Hacker Newsnew | past | comments | ask | show | jobs | submitlogin

> Deep learning works, and we will solve the remaining problems. We can say a lot of things about what may happen next, but the main one is that AI is going to get better with scale

I'm not an AI skeptic at all, I use llms all the time, and find them very useful. But stuff like this makes me very skeptical of the people who are making and selling AI.

It seems like there was a really sweet spot wrt the capabilities AI was able to "unlock" with scale over the last couple years, but my high level sense is that each meaningful jumps of baseline raw "intelligence" required an exponential increases in scale, in terms of training data and computation, and we've reached the ceiling of "easily available" increases, it's not as easy to pour "as much as it takes" into GPT5 if it turns out you need more than A Microsoft.



The question is: For a given problem in machine intelligence, what's the expected time-horizon for a 'good' solution?

Over the last, say, five years, a pile of 50+ year problems have been toppled by the deep learning + data + compute combo. This includes language modeling (divorced from reasoning), image generation, audio generation, audio separation, image segmentation, protein folding, and so on.

(Audio separation is particularly close to my heart; the 'cocktail party problem' has been a challenge in audio processing for 100+ years, and we now have great unsupervised separation algorithms (MixIT), which hardly anyone knows about. That's an indicator of how much great stuff is happening right now.)

So, when we look at some of our known 'big' problems in AI/ML, we ask, 'what's the horizon for figuring this out?' Let's look at reasoning...
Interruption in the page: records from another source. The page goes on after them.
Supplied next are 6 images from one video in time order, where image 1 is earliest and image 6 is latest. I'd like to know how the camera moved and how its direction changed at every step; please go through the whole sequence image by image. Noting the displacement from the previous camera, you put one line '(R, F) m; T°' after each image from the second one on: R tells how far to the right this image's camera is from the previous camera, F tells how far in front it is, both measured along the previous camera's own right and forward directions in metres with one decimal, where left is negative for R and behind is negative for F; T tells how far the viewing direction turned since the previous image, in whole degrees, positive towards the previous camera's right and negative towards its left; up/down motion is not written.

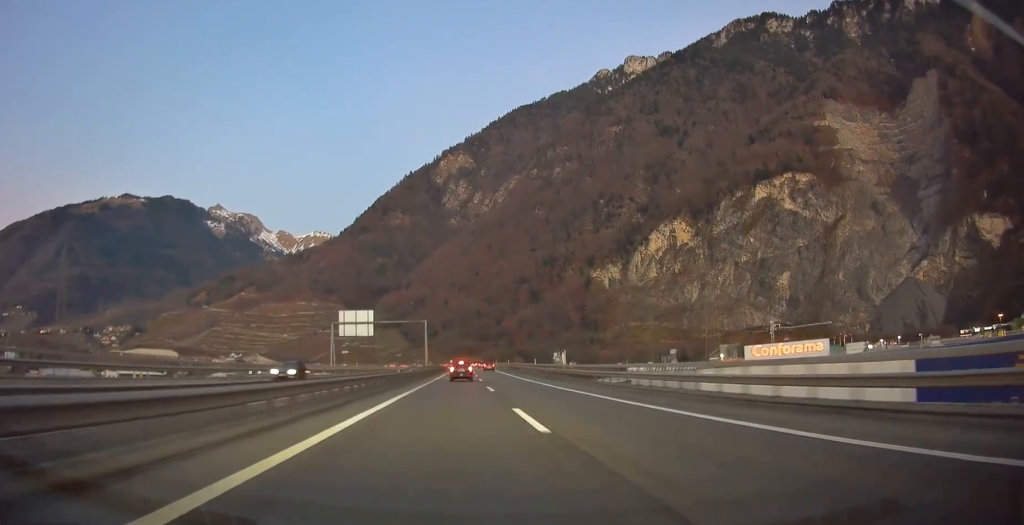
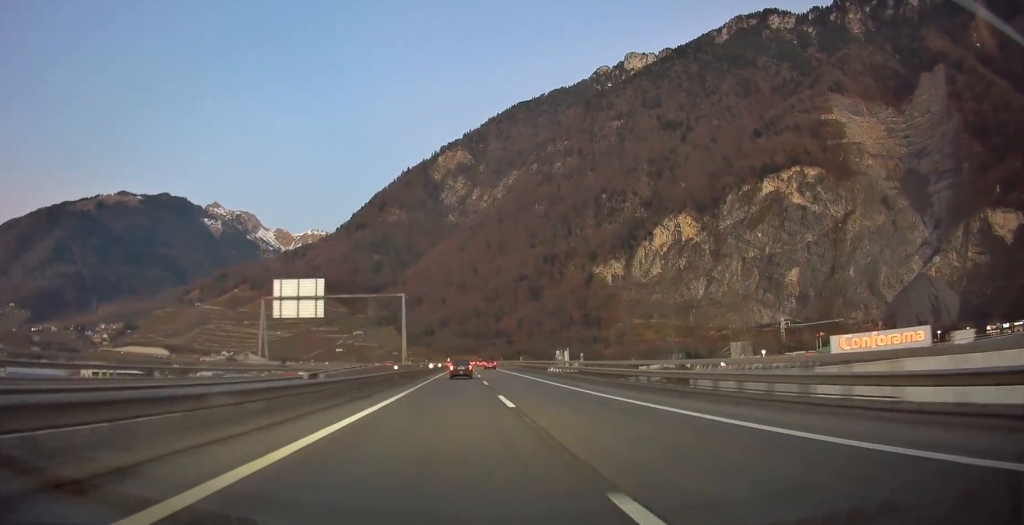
(+0.6, +30.5) m; +1°
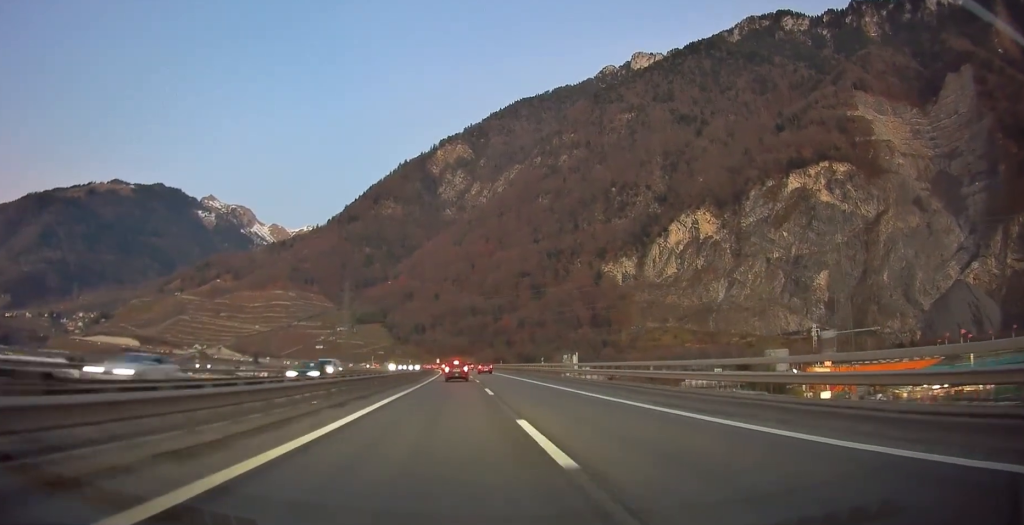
(+1.1, +83.6) m; +1°
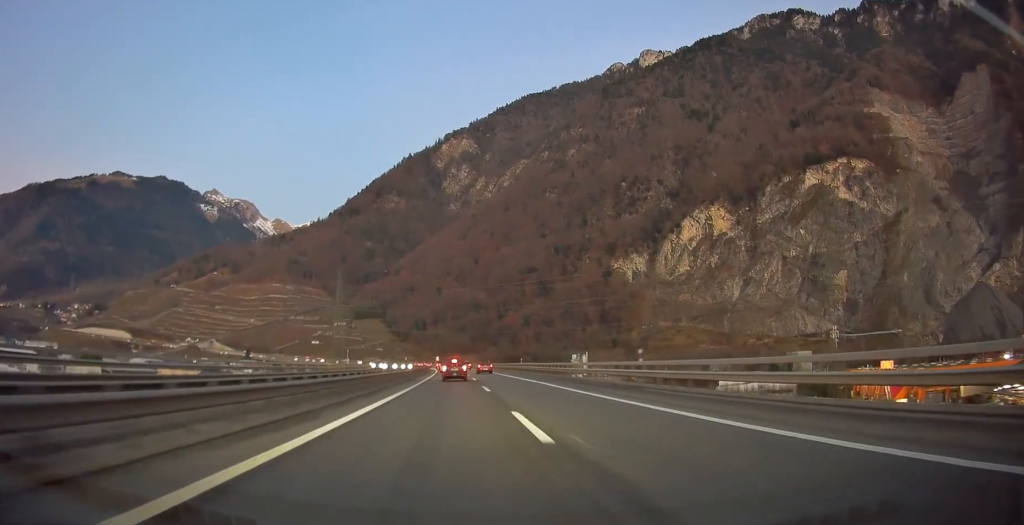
(-0.1, +34.6) m; 0°
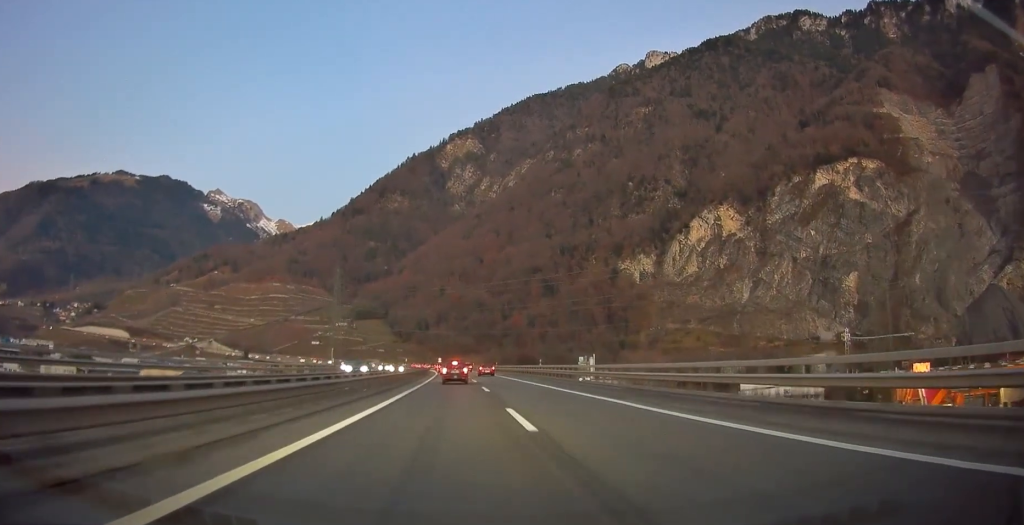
(0.0, +15.6) m; 0°
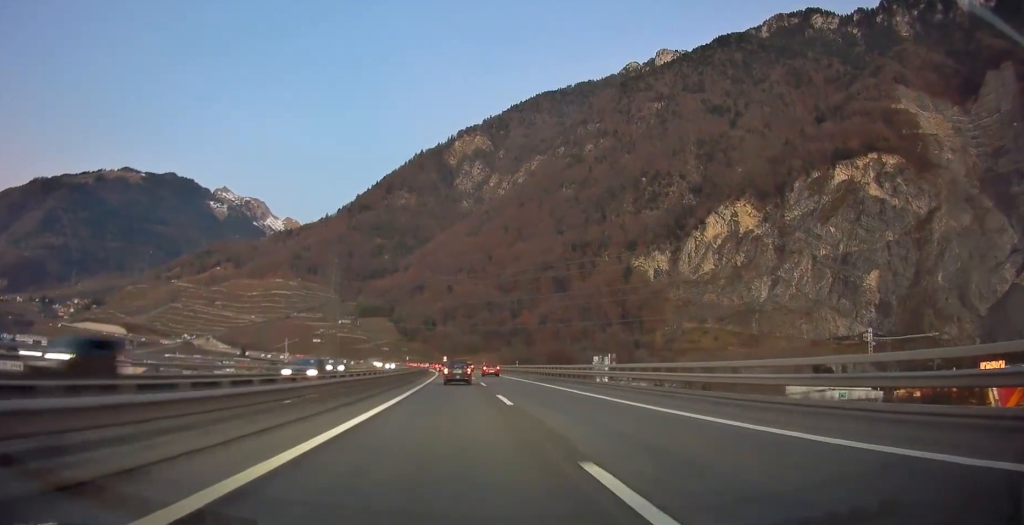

We know how to do 'reasoning' with GOFAI, and we've got interesting grafts of LLMs+GOFAI for some specific problems (like the game of Diplomacy, or some of the math olympiad solvers).

"LLMs which can reason" is a problem which has only been open for a year or two tops, and which we're already seeing some interesting progress on. Either there's something special about the problem which will make it take another 50+ years to solve, or there's nothing special about it and people will cook up good and increasingly convenient solutions over the next five years or so. (Perhaps a middle ground is 'it works but takes so much compute that we have to wait for new materials science for chip making to catch up.')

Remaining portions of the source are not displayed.